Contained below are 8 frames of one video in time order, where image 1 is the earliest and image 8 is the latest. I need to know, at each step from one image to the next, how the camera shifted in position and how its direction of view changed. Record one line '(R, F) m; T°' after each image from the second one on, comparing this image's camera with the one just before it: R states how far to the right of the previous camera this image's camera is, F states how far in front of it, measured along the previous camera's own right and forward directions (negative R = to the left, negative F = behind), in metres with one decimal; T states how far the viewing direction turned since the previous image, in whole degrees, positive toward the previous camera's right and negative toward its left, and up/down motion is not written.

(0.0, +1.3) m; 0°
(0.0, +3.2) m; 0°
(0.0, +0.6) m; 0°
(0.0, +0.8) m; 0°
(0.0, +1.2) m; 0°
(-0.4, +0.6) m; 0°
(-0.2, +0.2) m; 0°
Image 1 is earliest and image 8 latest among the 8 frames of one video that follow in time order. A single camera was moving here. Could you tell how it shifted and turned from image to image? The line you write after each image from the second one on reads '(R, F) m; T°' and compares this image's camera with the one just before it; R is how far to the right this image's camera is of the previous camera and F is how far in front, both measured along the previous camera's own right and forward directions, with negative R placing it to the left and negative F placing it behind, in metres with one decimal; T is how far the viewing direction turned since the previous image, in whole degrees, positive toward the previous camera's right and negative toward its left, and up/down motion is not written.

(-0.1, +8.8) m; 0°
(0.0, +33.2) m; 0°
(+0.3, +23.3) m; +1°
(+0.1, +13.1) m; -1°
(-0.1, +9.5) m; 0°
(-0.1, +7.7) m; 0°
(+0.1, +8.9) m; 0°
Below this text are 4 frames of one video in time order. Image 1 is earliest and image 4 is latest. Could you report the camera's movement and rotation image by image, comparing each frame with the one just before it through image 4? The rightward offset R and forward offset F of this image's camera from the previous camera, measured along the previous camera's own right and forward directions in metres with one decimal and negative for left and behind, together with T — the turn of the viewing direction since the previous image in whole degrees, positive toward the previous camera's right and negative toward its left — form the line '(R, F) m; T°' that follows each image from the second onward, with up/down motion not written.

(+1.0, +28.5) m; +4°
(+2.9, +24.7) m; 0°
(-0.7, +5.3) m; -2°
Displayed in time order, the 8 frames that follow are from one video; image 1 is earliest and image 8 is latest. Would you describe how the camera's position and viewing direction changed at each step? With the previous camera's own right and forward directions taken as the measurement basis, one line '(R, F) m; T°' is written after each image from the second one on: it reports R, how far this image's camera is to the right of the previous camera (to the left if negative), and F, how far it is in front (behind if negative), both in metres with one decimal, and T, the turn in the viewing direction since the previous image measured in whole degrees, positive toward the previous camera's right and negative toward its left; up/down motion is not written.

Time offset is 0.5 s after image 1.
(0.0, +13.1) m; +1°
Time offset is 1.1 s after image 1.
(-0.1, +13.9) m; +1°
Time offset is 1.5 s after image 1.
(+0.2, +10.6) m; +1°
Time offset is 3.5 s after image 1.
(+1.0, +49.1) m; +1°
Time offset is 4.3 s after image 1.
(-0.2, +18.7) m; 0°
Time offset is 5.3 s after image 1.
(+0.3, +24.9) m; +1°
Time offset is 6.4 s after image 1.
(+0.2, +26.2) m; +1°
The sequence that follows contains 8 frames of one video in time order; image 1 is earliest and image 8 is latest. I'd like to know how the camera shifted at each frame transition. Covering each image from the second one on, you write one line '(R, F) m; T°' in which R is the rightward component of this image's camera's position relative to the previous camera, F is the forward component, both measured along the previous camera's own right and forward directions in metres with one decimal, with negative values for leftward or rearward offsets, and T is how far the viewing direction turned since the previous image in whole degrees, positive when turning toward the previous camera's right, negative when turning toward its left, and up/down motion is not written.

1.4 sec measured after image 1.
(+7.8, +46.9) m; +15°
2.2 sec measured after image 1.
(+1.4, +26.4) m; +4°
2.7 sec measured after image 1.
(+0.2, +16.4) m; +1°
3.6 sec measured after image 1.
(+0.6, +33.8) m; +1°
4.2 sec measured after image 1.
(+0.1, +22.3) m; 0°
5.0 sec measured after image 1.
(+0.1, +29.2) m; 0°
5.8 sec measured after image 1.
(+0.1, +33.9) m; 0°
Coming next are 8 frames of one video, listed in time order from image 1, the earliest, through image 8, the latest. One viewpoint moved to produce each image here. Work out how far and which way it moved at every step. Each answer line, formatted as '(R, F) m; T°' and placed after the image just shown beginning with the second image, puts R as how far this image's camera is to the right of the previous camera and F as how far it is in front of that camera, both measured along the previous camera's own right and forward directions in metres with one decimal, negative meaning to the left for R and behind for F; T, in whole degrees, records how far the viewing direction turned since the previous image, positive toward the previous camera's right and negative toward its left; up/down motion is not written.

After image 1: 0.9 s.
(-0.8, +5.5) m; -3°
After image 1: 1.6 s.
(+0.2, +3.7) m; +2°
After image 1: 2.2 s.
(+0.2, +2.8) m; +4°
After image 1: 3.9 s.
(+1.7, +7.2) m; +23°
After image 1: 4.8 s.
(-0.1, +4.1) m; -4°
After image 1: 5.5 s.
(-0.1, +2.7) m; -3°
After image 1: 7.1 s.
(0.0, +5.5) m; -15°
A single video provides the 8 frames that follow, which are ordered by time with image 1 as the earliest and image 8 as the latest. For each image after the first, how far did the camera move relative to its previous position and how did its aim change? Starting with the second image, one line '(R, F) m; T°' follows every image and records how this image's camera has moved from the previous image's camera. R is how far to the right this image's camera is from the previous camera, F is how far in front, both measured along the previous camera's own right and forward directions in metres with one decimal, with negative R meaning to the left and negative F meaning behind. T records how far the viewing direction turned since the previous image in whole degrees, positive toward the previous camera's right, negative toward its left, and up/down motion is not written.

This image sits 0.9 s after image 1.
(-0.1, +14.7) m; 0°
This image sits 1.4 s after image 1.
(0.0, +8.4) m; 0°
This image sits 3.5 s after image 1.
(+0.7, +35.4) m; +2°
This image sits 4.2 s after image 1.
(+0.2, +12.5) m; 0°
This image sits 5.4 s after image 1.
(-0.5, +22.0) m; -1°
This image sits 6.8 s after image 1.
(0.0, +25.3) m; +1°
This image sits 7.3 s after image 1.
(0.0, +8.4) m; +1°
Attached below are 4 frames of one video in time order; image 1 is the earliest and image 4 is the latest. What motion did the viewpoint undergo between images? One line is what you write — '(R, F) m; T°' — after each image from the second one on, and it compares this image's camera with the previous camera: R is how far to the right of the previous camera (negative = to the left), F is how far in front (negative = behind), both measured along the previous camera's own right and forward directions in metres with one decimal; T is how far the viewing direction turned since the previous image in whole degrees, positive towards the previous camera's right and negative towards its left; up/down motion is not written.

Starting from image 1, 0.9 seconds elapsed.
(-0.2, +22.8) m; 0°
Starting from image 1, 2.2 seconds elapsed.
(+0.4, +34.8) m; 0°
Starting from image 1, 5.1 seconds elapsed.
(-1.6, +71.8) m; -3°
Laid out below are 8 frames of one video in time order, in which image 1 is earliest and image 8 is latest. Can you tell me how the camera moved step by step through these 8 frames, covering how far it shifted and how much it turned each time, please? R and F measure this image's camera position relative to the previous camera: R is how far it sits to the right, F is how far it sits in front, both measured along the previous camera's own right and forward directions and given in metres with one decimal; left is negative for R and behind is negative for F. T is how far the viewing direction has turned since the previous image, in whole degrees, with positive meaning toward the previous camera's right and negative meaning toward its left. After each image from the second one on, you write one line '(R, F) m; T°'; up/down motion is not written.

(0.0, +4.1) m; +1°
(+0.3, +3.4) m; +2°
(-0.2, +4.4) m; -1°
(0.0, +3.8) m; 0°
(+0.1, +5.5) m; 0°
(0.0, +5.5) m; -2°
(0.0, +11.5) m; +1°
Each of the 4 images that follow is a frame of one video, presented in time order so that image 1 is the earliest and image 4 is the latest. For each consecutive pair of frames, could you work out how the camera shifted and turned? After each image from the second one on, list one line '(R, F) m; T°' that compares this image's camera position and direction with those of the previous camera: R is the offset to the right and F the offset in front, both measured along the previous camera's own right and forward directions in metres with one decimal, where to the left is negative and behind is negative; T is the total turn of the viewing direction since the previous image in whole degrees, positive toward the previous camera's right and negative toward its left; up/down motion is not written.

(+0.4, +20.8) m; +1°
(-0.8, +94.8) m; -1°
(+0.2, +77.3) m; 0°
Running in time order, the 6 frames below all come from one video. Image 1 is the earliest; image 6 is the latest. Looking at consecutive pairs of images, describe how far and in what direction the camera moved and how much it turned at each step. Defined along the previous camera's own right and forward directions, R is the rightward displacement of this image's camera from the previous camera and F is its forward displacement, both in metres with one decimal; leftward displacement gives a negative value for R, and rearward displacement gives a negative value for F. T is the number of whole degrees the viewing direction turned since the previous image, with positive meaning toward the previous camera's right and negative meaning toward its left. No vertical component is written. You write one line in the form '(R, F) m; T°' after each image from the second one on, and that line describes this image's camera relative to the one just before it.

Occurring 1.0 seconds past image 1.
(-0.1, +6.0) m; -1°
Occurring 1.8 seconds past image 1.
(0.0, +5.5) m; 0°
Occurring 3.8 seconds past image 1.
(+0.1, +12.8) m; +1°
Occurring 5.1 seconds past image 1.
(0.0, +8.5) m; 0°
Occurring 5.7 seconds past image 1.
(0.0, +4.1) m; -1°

* * * *

*Aim of the task*
Your task is to copy each line of the material that contains the word "viewpoint".

*Response*
Coming next are 8 frames of one video, listed in time order from image 1, the earliest, through image 8, the latest. One viewpoint moved to produce each image here. Work out how far and which way it moved at every step. Each answer line, formatted as '(R, F) m; T°' and placed after the image just shown beginning with the second image, puts R as how far this image's camera is to the right of the previous camera and F as how far it is in front of that camera, both measured along the previous camera's own right and forward directions in metres with one decimal, negative meaning to the left for R and behind for F; T, in whole degrees, records how far the viewing direction turned since the previous image, positive toward the previous camera's right and negative toward its left; up/down motion is not written.
Attached below are 4 frames of one video in time order; image 1 is the earliest and image 4 is the latest. What motion did the viewpoint undergo between images? One line is what you write — '(R, F) m; T°' — after each image from the second one on, and it compares this image's camera with the previous camera: R is how far to the right of the previous camera (negative = to the left), F is how far in front (negative = behind), both measured along the previous camera's own right and forward directions in metres with one decimal; T is how far the viewing direction turned since the previous image in whole degrees, positive towards the previous camera's right and negative towards its left; up/down motion is not written.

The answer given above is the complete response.